S’il s’ensuit qu’aucune protection spéciale ne se justifie dans les rapports entre des professionnels du secteur des assurances, dont aucun d’entre eux ne peut être présumé se trouver en position de faiblesse par rapport aux autres (arrêt du 31 janvier 2018, Hofsoe, C‑106/17, EU:C:2018:50, point 42 et jurisprudence citée), il est constant que, en l’occurrence, le tiers assuré, à savoir Grifs, n’est pas un professionnel du secteur des assurances.

46

Dans ces conditions, il y a lieu de répondre à la question posée que l’article 15, point 5, et l’article 16, point 5, du règlement no 1215/2012 doivent être interprétés en ce sens que la clause attributive de juridiction prévue dans un contrat d’assurance couvrant un « grand risque », au sens de cette dernière disposition, conclu par le preneur d’assurance et l’assureur, ne peut être opposée à la personne assurée par ce contrat, qui n’est pas un professionnel du secteur des assurances, qui n’a pas consenti à cette clause et qui est domicilié dans un État membre autre que celui du domicile du preneur d’assurance et de l’assureur.

Sur les dépens

47

La procédure revêtant, à l’égard des parties au principal, le caractère d’un incident soulevé devant la juridiction de renvoi, il appartient à celle-ci de statuer sur les dépens.
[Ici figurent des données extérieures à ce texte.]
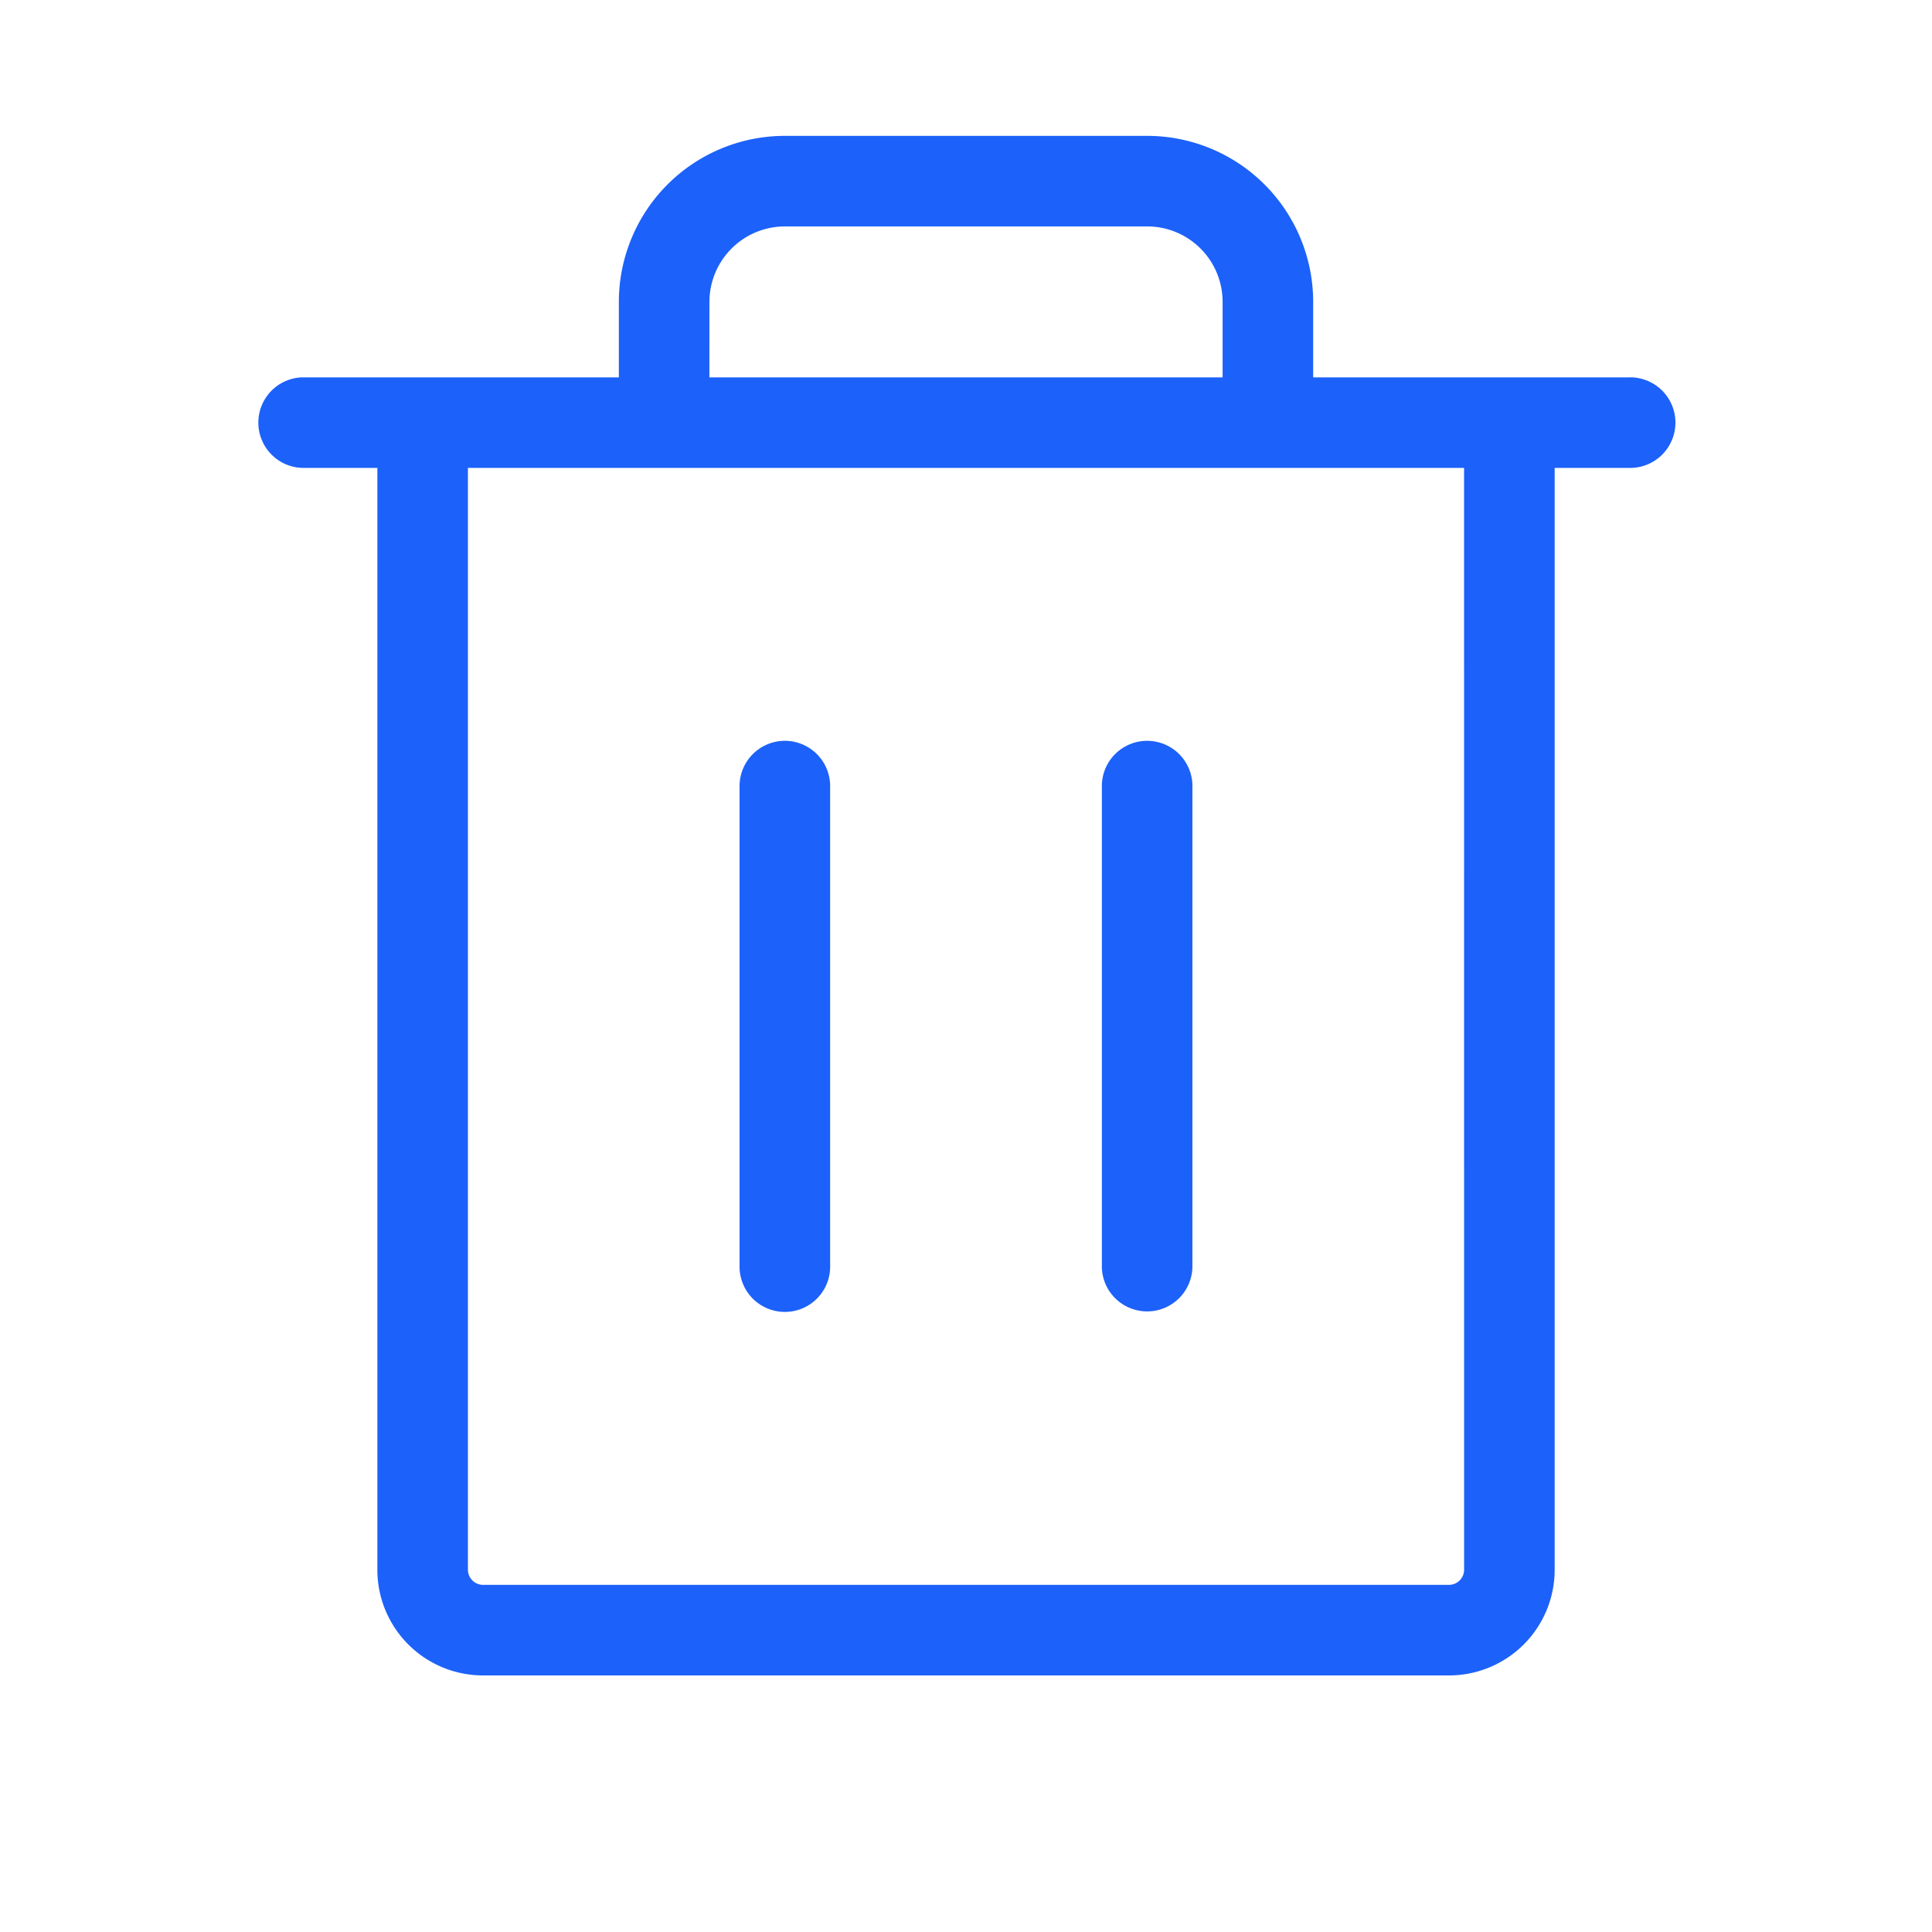 <svg xmlns="http://www.w3.org/2000/svg" width="56" height="56" fill="none" viewBox="0 0 56 56"><path fill="#1c61f9" d="M47.25 10.938h-9.187V8.75a4.813 4.813 0 0 0-4.813-4.812h-10.5a4.813 4.813 0 0 0-4.812 4.812v2.188H8.75a1.313 1.313 0 0 0 0 2.624h2.188V45.5A3.063 3.063 0 0 0 14 48.563h28a3.063 3.063 0 0 0 3.063-3.063V13.563h2.187a1.313 1.313 0 0 0 0-2.626M20.563 8.75a2.19 2.19 0 0 1 2.187-2.187h10.5a2.187 2.187 0 0 1 2.188 2.187v2.188H20.562zM42.438 45.5a.44.44 0 0 1-.438.438H14a.44.44 0 0 1-.437-.438V13.563h28.874zM24.062 22.75v14a1.313 1.313 0 0 1-2.625 0v-14a1.313 1.313 0 0 1 2.625 0m10.5 0v14a1.313 1.313 0 0 1-2.624 0v-14a1.313 1.313 0 0 1 2.625 0"/></svg>

Les frais exposés pour soumettre des observations à la Cour, autres que ceux desdites parties, ne peuvent faire l’objet d’un remboursement.

 

Par ces motifs, la Cour (sixième chambre) dit pour droit :

 

L’article 15, point 5, et l’article 16, point 5, du règlement (UE) no 1215/2012 du Parlement européen et du Conseil, du 12 décembre 2012, concernant la compétence judiciaire, la reconnaissance et l’exécution des décisions en matière civile et commerciale, doivent être interprétés en ce sens que la clause attributive de juridiction prévue dans un contrat d’assurance couvrant un « grand risque », au sens de cette dernière disposition, conclu par le preneur d’assurance et l’assureur, ne peut être opposée à la personne assurée par ce contrat, qui n’est pas un professionnel du secteur des assurances, qui n’a pas consenti à cette clause et qui est domicilié dans un État membre autre que celui du domicile du preneur d’assurance et de l’assureur.

 

Signatures


( *1 ) Langue de procédure : le lituanien.